(Stored data)
+ + + + + + +

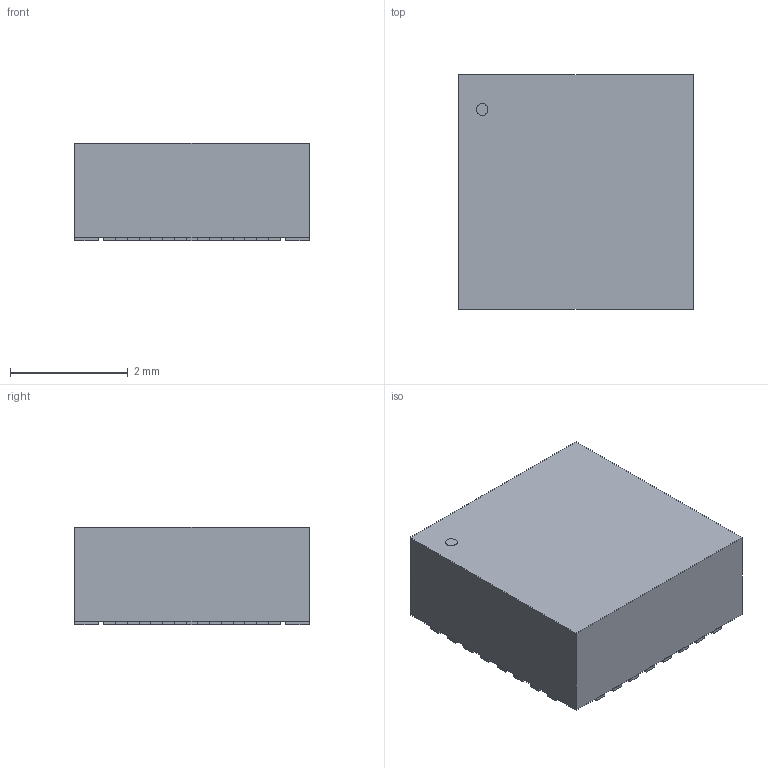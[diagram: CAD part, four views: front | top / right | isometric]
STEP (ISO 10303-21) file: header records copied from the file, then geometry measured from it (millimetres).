
FILE_DESCRIPTION(('STEP AP214'),'1');
FILE_NAME('QFN32_4X4_RTK','2022-09-22T02:31:46',(''),(''),'','','');
FILE_SCHEMA(('AUTOMOTIVE_DESIGN'));
Length unit declared in the file: millimetre
Products named in the file (1): product
Bounding box: 3.99 x 3.99 x 1.65 mm (x, y, z)
Volume: 26 mm3; surface area: 79.7 mm2
Topology: 35 solids, 35 shells, 207 faces, 411 edges, 274 vertices
Faces by surface type: plane 206, cylinder 1
Full cylindrical faces by diameter (mm): 0.199 x1
Entity records: 5008 total; most frequent: DIRECTION 830, ORIENTED_EDGE 820, CARTESIAN_POINT 485, EDGE_CURVE 410, LINE 408, VECTOR 408, VERTEX_POINT 274, AXIS2_PLACEMENT_3D 211
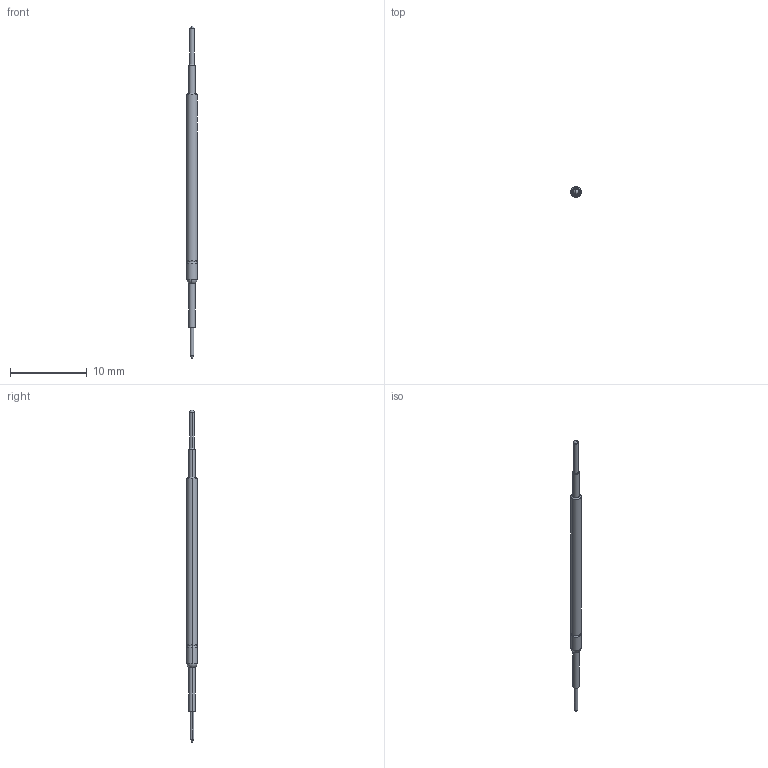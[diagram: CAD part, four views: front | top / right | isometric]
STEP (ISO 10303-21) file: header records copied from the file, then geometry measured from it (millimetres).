
FILE_DESCRIPTION (( 'STEP AP203' ), '1' );
FILE_NAME ('MOD-F86411B065Gxxx.step', '2015-07-09T11:40:39', ( 'firstrun' ), ( 'Hewlett-Packard Company' ), 'SwSTEP 2.0', 'SolidWorks 2012', '' );
FILE_SCHEMA (( 'CONFIG_CONTROL_DESIGN' ));
Length unit declared in the file: millimetre
Products named in the file (1): MOD-F86411B065Gxxx
Bounding box: 1.37 x 1.37 x 43.4 mm (x, y, z)
Volume: 43.7 mm3; surface area: 149.9 mm2
Topology: 1 solids, 1 shells, 174 faces, 469 edges, 299 vertices
Faces by surface type: plane 64, bspline 62, cylinder 34, cone 6, torus 4, sphere 4
Entity records: 8793 total; most frequent: CARTESIAN_POINT 4898, ORIENTED_EDGE 930, DIRECTION 584, EDGE_CURVE 465, VERTEX_POINT 299, AXIS2_PLACEMENT_3D 221, B_SPLINE_CURVE_WITH_KNOTS 215, EDGE_LOOP 180

+ + + + + + +

• **The problem**
Please set down the data above exactly as given, leaving every picture out.

• **Written answer**
[diagram: CAD part, four views: front | top / right | isometric]
STEP (ISO 10303-21) file: header records copied from the file, then geometry measured from it (millimetres).
FILE_DESCRIPTION(('STEP AP214'),'1');
FILE_NAME('QFN32_4X4_RTK','2022-09-22T02:31:46',(''),(''),'','','');
FILE_SCHEMA(('AUTOMOTIVE_DESIGN'));
Length unit declared in the file: millimetre
Products named in the file (1): product
Bounding box: 3.99 x 3.99 x 1.65 mm (x, y, z)
Volume: 26 mm3; surface area: 79.7 mm2
Topology: 35 solids, 35 shells, 207 faces, 411 edges, 274 vertices
Faces by surface type: plane 206, cylinder 1
Full cylindrical faces by diameter (mm): 0.199 x1
Entity records: 5008 total; most frequent: DIRECTION 830, ORIENTED_EDGE 820, CARTESIAN_POINT 485, EDGE_CURVE 410, LINE 408, VECTOR 408, VERTEX_POINT 274, AXIS2_PLACEMENT_3D 211
[diagram: CAD part, four views: front | top / right | isometric]
STEP (ISO 10303-21) file: header records copied from the file, then geometry measured from it (millimetres).
FILE_DESCRIPTION (( 'STEP AP203' ), '1' );
FILE_NAME ('MOD-F86411B065Gxxx.step', '2015-07-09T11:40:39', ( 'firstrun' ), ( 'Hewlett-Packard Company' ), 'SwSTEP 2.0', 'SolidWorks 2012', '' );
FILE_SCHEMA (( 'CONFIG_CONTROL_DESIGN' ));
Length unit declared in the file: millimetre
Products named in the file (1): MOD-F86411B065Gxxx
Bounding box: 1.37 x 1.37 x 43.4 mm (x, y, z)
Volume: 43.7 mm3; surface area: 149.9 mm2
Topology: 1 solids, 1 shells, 174 faces, 469 edges, 299 vertices
Faces by surface type: plane 64, bspline 62, cylinder 34, cone 6, torus 4, sphere 4
Entity records: 8793 total; most frequent: CARTESIAN_POINT 4898, ORIENTED_EDGE 930, DIRECTION 584, EDGE_CURVE 465, VERTEX_POINT 299, AXIS2_PLACEMENT_3D 221, B_SPLINE_CURVE_WITH_KNOTS 215, EDGE_LOOP 180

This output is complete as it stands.